Sunday, 16th August.—The weather has cleared up. I leave again with the regiment. We are going to put up at Maisons-Saint-Gérard. Just before arriving there a storm bursts and wets us through; the water runs down into our breeches. I am as wet as if I had been dipped in a river; and one must sleep like that ... and yet one does not die!
17th August.—Off at 5 o’clock. We bivouac at Saint-Martin in the meadow between two small streams. I have hurt my left foot badly, and at times I feel an overpowering fatigue, but one must carry on all the same. The bivouac is admirable. Big fires warm up the soup for the troops. The little stream shimmers, all red, and encircles the bivouac. The day ends; splendid. Some Cuirassiers bivouac a little higher up on the village green. We hear them singing the Marseillaise. We sleep in a barn in heaps one on the top of the other.
19th August.—The 4th squadron is on reconnaissance. We start alone, at a venture. We are in the saddle all day. At night we make a triumphal entry into Gembloux and we are baited with drinks and food. The Germans are at the gates of the town and the crowd is wildly excited. The sun goes down without a cloud, round as a wafer. I forget the day’s fatigues and we venture across the plain and the woods. It is an agonising moment; we hide ourselves behind a long rick of flax; the enemy is some hundreds of mètres off and all night we have sentries out.

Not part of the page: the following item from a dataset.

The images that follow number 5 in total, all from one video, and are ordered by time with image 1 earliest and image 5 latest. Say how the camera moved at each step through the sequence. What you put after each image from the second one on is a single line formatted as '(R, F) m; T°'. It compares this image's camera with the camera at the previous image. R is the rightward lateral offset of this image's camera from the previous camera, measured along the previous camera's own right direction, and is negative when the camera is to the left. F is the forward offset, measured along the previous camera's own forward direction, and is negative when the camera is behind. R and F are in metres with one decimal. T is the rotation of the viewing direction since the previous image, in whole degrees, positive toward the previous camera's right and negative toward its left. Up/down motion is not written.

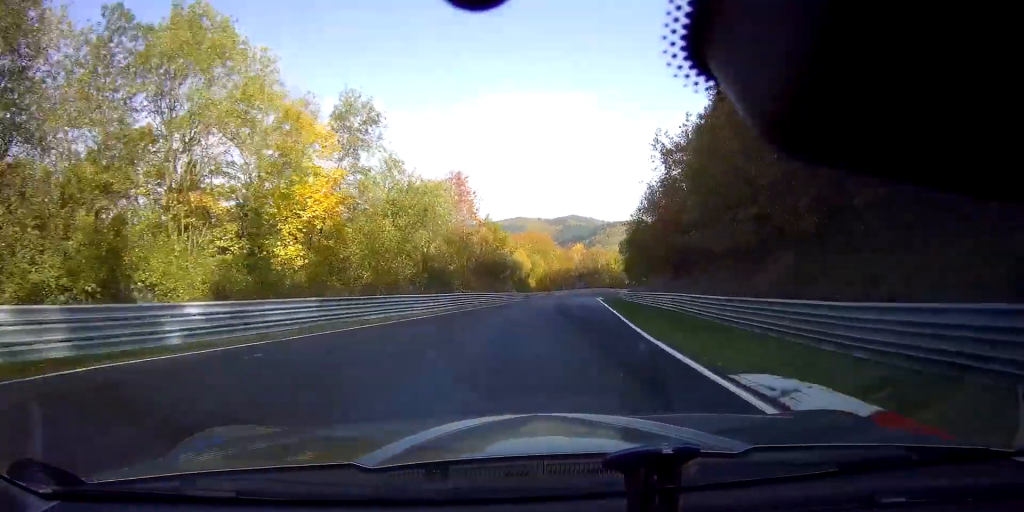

I slept two hours yesterday, to-day I am passing the whole night on foot. The cold is cruel. Now and then my legs give way and I nearly fall on my knees. We have had nothing to eat but bread, the chill damp gets into our bones. Some Taubes pass, sowing agony.
20th August.—I am one of the point party under Lieutenant Chatelin. We fire on some horsemen at 600 mètres. The squadron is still on reconnaissance. One could sit down and cry from fatigue. We advance towards Charleroi, whose approaches are several kilomètres long. A population of miners. Everywhere are foundries, mines, factories, and for two hours unceasing acclamation. We arrive at a suburb of Charleroi, done up, falling out of our saddles. Interminable wait on the place; night falls. The camp kit comes up at last, but the march is not yet over, we are camping five kilomètres farther on. It is enough to kill one. We get to Landelies. Rest at last, we bivouac. I share a bed, with Delettrez, for the first time for three weeks. In a bed at one side a fat old woman is sleeping. No matter, it is an unforgettable night.
21st August.—Landelies; rest; we satisfy our hunger; we expect to pass a quiet day and night. At four o’clock we are off to an alarm; we are in the saddle all night and arrive in a little village, whose name I forget, half dead with hunger and cold. The peasants give us bread. We have been all day on horseback.
22nd August.—Are we going to have a little rest? No, we were out of bed all night and we are at it again. We do not understand the movements we are carrying out. Are we retreating? The fatigue is becoming insupportable. We get to Bousignies at three in the morning. On the road I lost my horse during a halt and I found myself alone in the night and on foot. I had all the trouble in the world to catch up the squadron on foot. We slept two hours in the rain in a field of beetroot. Off again at 9 o’clock. Loud firing twenty kilomètres off. All the peasants are clearing out. They say that Charleroi is on fire.
And so it goes on each day till the end of the month. The 26th we marched in the direction of Cambrai; we put up at Epehy, which the enemy burnt the following day. The peasants replied by themselves setting fire to the crops to prevent their falling into the enemies’ hands.
At Roisel, a whole train of goods blazed in the midday heat. We went on to Péronne. The 28th we were at Villers-Carbonel, where I was present at an unforgettable artillery combat. I saw shells throw some French skirmishers in the air by groups of three and four at a time. We left Villers-Carbonel in flames, and, from that moment, we beat a rapid retreat towards Paris, passing by Sourdon, Maisoncelle, Beauvais, Villers-sur-Thère, Breançon, Meulan, Les Alluets-le-Roi, and, after a last and painful stage, we put up at Loges-en-Josas, four kilomètres from Versailles, where the fortune of war brought me to one of our own estates.
Thus it came about that my mother, who believed me to be at the other end of Belgium, caught sight of me one fine morning coming up the central drive to the château on foot, leading my horse, my lance on my shoulder, followed by a long file of troopers.